Crime

Kentucky Parole Board decides Elizabeth Turpin will serve full life sentence

Elizabeth Turpin will serve out her full life sentence for the murder of her husband with no more chances for parole, the Kentucky Parole Board decided Monday.

The parole board’s ruling means that Turpin won’t have more parole hearings and won’t be released from prison unless there is a court action, said corrections spokeswoman Lisa Lamb.

Turpin, Karen Brown and Keith Bouchard were convicted of murder in 1986. They have all been in prison since then. Prosecutors said at trial that Turpin had convinced Bouchard and Brown to kill her husband so that she could get $60,000 in life insurance money.

Michael Turpin, 22, was stabbed 19 times in February of 1986 before his body was dumped in a pond at Lexington’s Lakeside Golf Course.

Last week during a hearing, Elizabeth Turpin told two parole board members that she’d changed since the death of her husband. But the parole board members highlighted prison incidents involving Turpin that mirrored some actions that led to her husband’s murder.
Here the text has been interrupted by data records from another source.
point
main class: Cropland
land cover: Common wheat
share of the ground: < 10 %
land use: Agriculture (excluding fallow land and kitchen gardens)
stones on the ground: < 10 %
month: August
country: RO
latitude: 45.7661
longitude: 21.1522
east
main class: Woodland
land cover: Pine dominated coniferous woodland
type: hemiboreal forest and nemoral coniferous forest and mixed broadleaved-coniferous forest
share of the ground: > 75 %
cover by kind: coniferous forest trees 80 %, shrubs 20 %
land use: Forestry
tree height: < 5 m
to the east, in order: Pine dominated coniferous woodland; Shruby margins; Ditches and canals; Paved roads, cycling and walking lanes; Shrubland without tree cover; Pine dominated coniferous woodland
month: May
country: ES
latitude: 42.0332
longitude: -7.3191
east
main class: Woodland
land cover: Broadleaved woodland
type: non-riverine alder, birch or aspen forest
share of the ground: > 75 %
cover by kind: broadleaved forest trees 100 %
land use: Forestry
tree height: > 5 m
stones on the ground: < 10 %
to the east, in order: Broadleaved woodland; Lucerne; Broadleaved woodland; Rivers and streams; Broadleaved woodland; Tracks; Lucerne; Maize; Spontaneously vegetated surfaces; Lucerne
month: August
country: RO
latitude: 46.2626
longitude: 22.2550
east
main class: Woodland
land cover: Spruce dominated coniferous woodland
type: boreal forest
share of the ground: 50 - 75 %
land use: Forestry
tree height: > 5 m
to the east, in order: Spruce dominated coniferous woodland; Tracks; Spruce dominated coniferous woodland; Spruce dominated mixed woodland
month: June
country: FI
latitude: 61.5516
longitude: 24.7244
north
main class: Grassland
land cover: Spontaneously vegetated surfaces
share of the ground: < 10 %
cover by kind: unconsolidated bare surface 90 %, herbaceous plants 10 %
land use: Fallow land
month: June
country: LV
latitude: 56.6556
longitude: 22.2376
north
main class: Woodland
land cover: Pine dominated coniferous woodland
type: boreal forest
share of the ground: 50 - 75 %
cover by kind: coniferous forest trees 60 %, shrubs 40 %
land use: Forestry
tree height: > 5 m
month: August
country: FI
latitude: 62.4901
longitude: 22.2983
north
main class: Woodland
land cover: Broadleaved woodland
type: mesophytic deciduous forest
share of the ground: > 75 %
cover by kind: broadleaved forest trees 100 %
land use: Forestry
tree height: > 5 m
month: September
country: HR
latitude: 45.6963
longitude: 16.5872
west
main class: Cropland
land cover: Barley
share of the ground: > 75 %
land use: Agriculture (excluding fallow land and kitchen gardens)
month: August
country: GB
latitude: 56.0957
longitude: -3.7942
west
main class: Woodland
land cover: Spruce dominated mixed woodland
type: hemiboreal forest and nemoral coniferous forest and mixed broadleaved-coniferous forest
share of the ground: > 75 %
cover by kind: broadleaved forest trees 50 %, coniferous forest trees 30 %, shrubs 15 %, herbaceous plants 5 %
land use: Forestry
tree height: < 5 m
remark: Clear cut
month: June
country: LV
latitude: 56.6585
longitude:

Turpin convinced her new husband, who she married while in prison, to send her money which she then used to try to have people assaulted. In another instance, Turpin convinced a teacher in the prison to look up information on three fellow inmates for her. That teacher was fired.

Last week, Michael Turpin’s family begged two parole board members to require Elizabeth Turpin to serve the remainder of her life sentence with no future possibility of parole. Family members were forced to relive Michael’s death every time they periodically had to fight to keep Turpin and Brown in prison, the family said.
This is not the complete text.